Generates Trendanalysis plots using ChronQC for standard diagnostic techniques. See https://chronqc.readthedocs.io/en/latest/ for more information on ChronQC. For Debugging tips: see the end of this document, the first parts explains how the trendanalysis works.
Run by the umcg-gd-ateambot, not the dm user.

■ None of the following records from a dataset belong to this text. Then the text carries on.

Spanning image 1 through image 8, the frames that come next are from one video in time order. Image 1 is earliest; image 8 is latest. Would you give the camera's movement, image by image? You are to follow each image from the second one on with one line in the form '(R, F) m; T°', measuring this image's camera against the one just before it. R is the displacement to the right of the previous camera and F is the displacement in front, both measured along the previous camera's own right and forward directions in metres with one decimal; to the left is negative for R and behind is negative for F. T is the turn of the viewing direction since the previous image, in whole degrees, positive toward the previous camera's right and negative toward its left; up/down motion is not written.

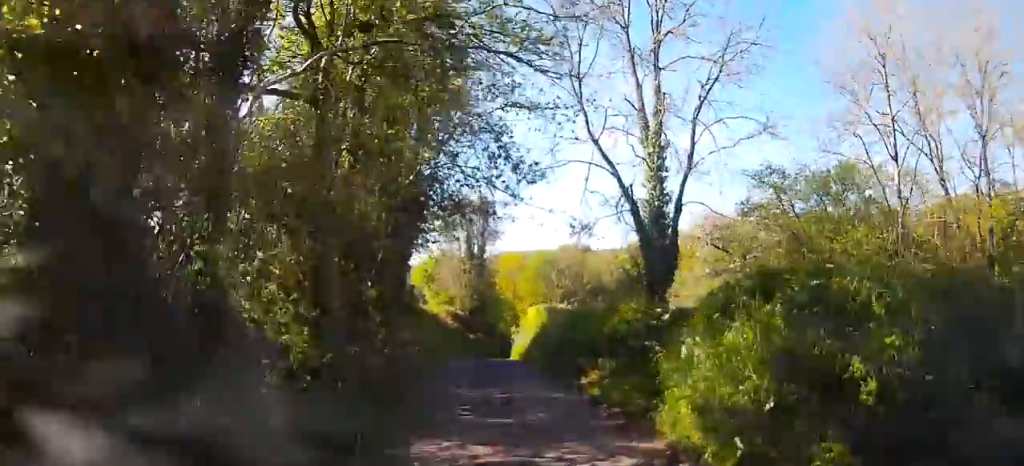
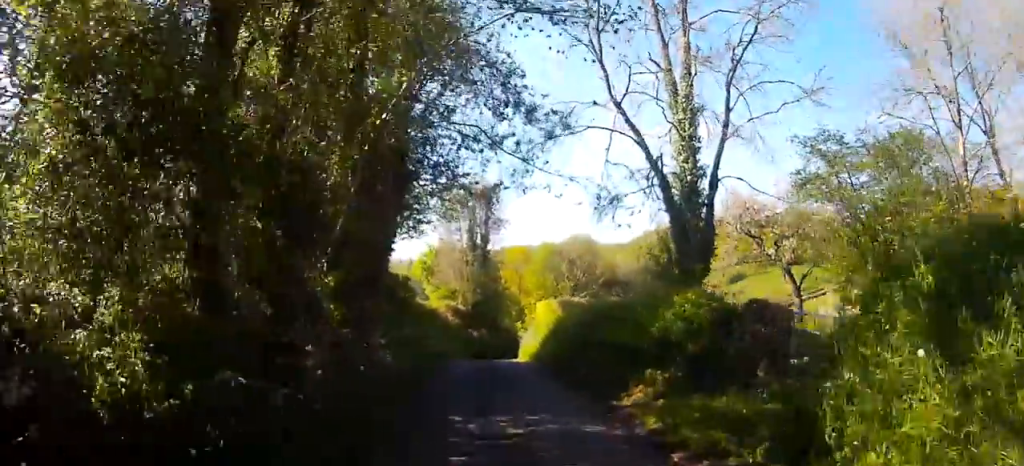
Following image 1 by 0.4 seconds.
(0.0, +3.7) m; +1°
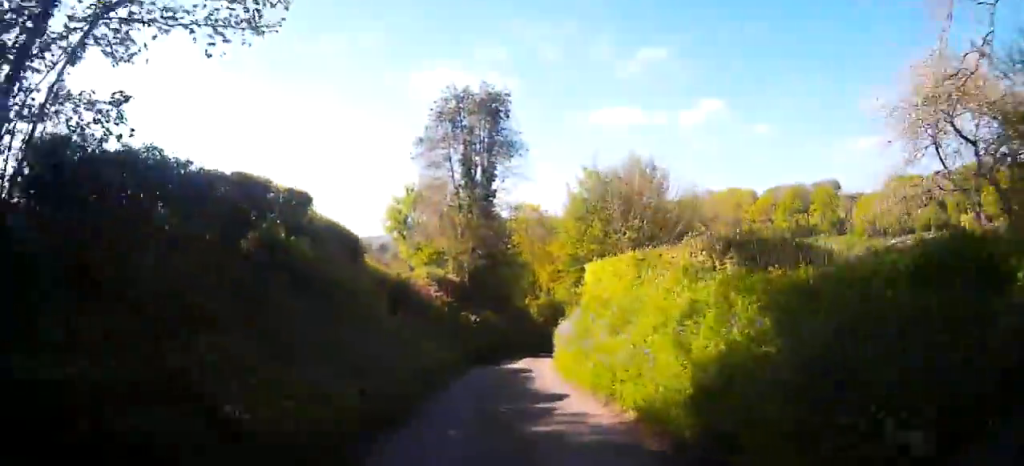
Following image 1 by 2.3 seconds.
(+0.7, +16.3) m; +4°
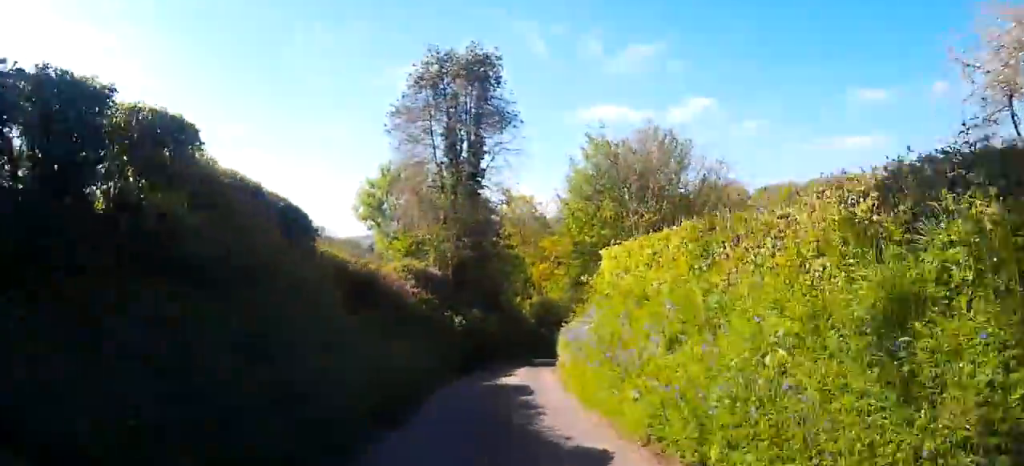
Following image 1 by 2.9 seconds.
(+0.1, +4.5) m; -1°
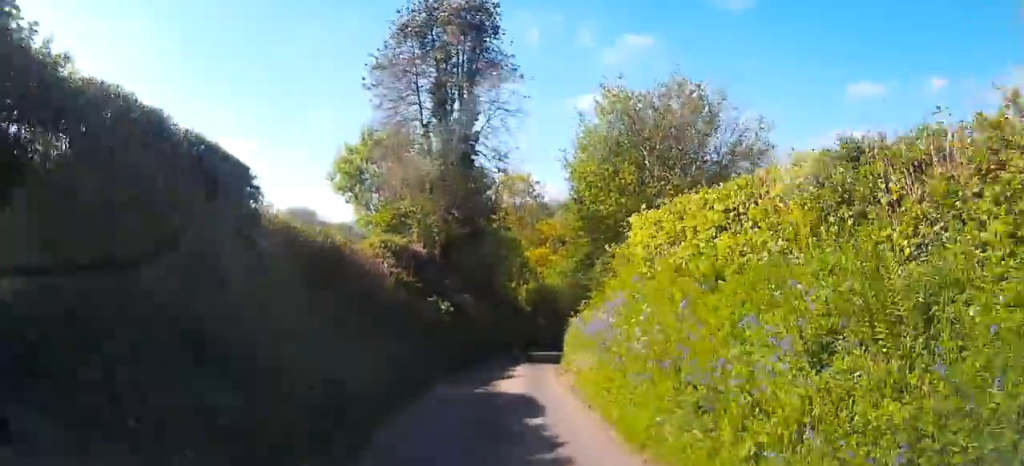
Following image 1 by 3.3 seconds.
(0.0, +3.6) m; 0°
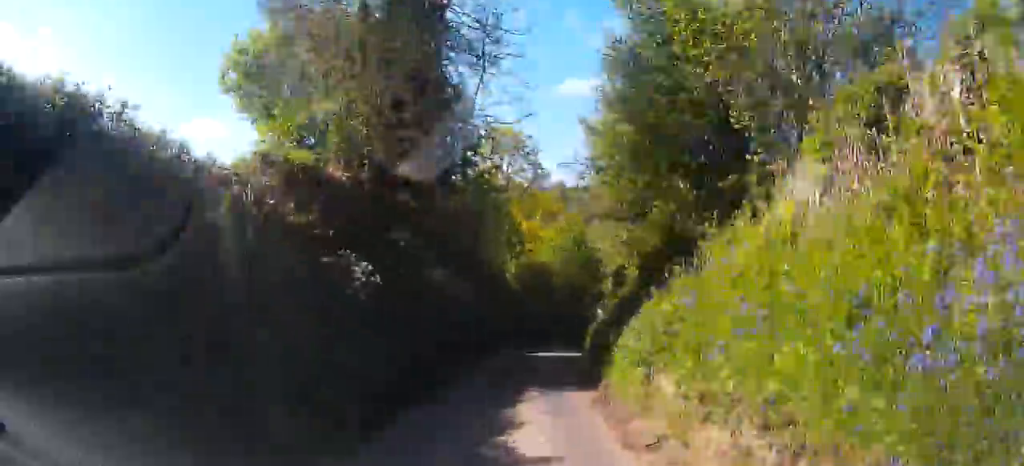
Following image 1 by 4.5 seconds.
(-0.1, +9.5) m; +1°
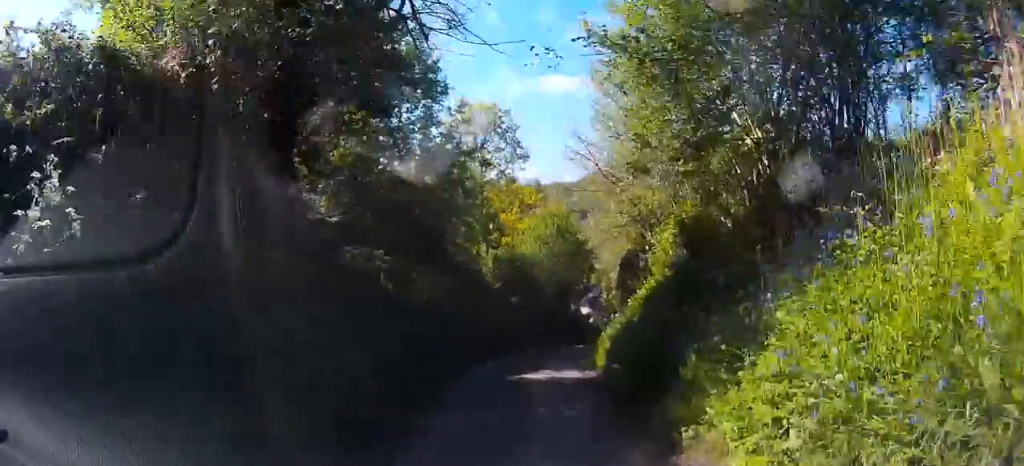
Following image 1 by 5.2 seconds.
(+0.1, +5.6) m; +2°
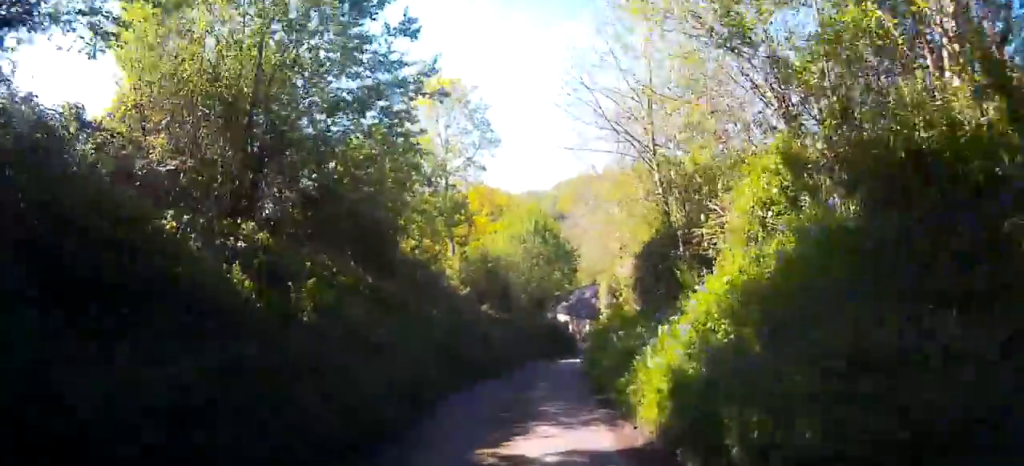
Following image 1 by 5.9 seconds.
(0.0, +5.9) m; +1°

The ateambot user can access also the umcg-gap group
On PRM/DAT the different kind of QC data are stored.
umcg-gd
- NGS projects /groups/umcg-gd/${PRM}/projects/
- Exoom
- Targeted
- sequence runs (inhouse rawdata) /groups/umcg-gd/${PRM}/rawdata/ngs/
- DRAGEN (NGS projects sequenced by genomescan) /groups/umcg-gd/${PRM}/projects/
- Exoom
- WGS
- sWGS
- RNA projects (sequenced by genomescan, project data generated inhouse) /groups/umcg-gd/${PRM}/projects/
- DARWIN (Lab related QC values) /groups/umcg-gd/dat06/trendanalysis/
- Array (this will be changed into the open array early 2025)
- DNA concentrations
- NGS lab values
umcg-gap
- openarray /groups/umcg-gap/${DAT}/openarray/
umcg-ogm
- Optical Genome Mapping /groups/umcg-ogm/prm67/.....
The copyQCDataToTmp.sh run by the umcg-gd-ateambot user, checks every PRM (PRM05, PRM06 and PRM07), and copies the QC data to TMP.
If the script runs on PRM06, the data will be copied to TMP06. Each data type will end-up on TMP in their own data folder.
/groups/${GROUP}/${TMP}/trendanalysis/${dataType}
On the DAT0(5,6,7) in the logs/trendanalysis folder, for each data type a file will be touched, for instance for rawdata: groups/${group}/${DAT}/logs/trendanalysis/${PRM}.copyQCDataToTmp.rawdata.
If copyQCDataToTmp.sh runs on cf-chaperone, then the log files will be in dat06. For each ${PRM} there will be a log file, so you will get 3 ${PRM}.copyQCDataToTmp.rawdata file for prm05, prm06 and prm07.
In this file, there is a line with ${rawdata}_copyQCDataToTmp_finished, so the QC data will only be copied to TMP once.
If you would like to copy the QC data again to TMP, just remove whole file: ${PRM}.copyQCDataToTmp.rawdata, or just the line with your dataset of intrest.
Run by the umcg-gd-ateambot on TMP trendAnalyse.sh will process each datatype to make it fit for the SQLite database. /groups/${GROUP}/${TMP}/trendanalysis/${dataType}
Basically you need a runDateInfo file and a table file.
The runDateInfo.csv file contains a table with the sample name, project and date, and is comma separated.
The table.csv file will contain the sample name and the QC data separated by tab.
Using ChronQC in the script trendAnalyse.sh, the database will be filled with all the different datatypes, or it will add new projects to an existing database.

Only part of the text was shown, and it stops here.